Personal preferences. Individual lifestyle choices. Freedom… Those are some of the things people call upon to explain and justify their indifference about the things other people do. When we talk about something like skin bleaching around the world, they say it’s no different than pale people getting tans. Well, they’re right about that. Tanning and bleaching are very similar in that both can be deadly, especially for those who can’t afford vetted, high-quality bleaches. Of course most people survive these practices, but not without long-term damage to their skin and overall health. There’s also the literal cost of skin bleaching. People continue to exploit colorism and racism for profit. So, I ask: Fair skin at what cost?

nadinola lightening cream

Harmful Effects of Skin Bleaching

The source of danger when tanning, of course, is overexposure to UV rays. The source of danger when bleaching is overexposure to certain chemicals.

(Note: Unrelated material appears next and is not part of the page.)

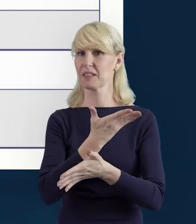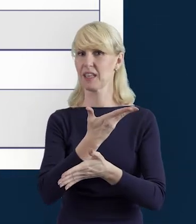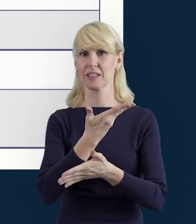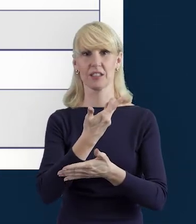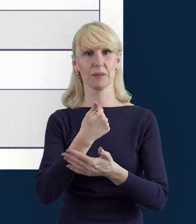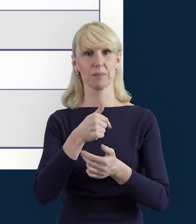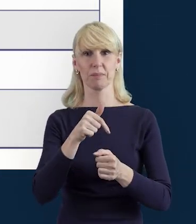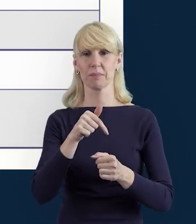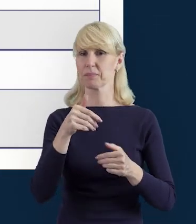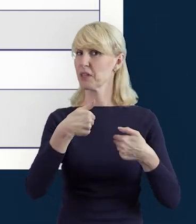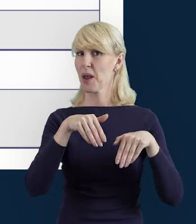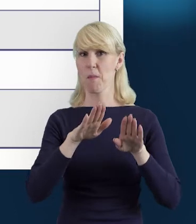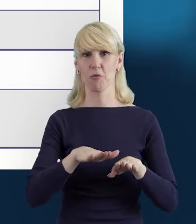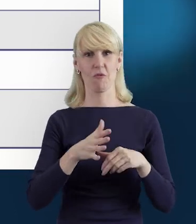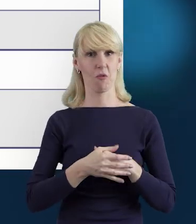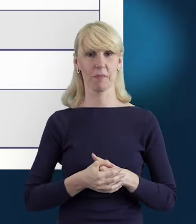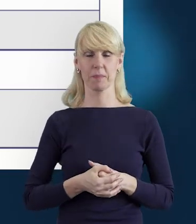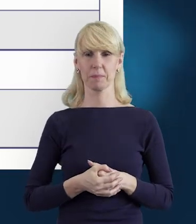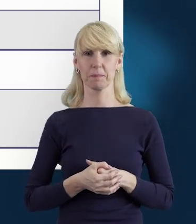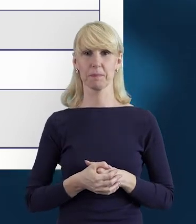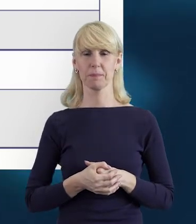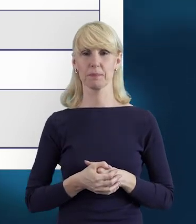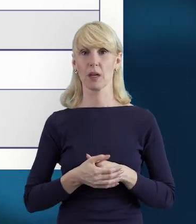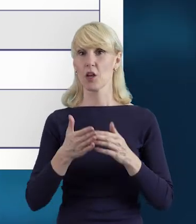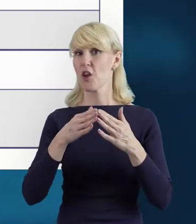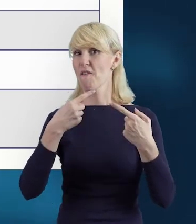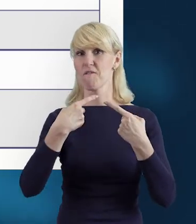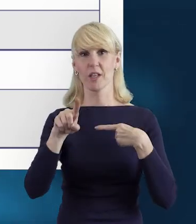Nie będzie też w związku z tym możliwości wysłania danych.

Throughout history, among different groups of people, and in various places around the globe, people have created a myriad of concoctions that supposedly lighten the skin. In Europe, certain whitening cosmetics once contained white lead which could cause symptoms as serious as blindness or paralysis (Blay, 2011, p. 21). In addition to lead, many skin whiteners around the world use corticosteroids, hydroquinone, and mercury. Extended exposure to these chemicals (like lathering it on one’s skin on a daily basis) can have harmful effects such as neurological damage, kidney disease, ochronosis, eczema, bacterial and fungal infections, skin atrophy, and Cushing’s Syndrome (Glenn, 2008, p. 285).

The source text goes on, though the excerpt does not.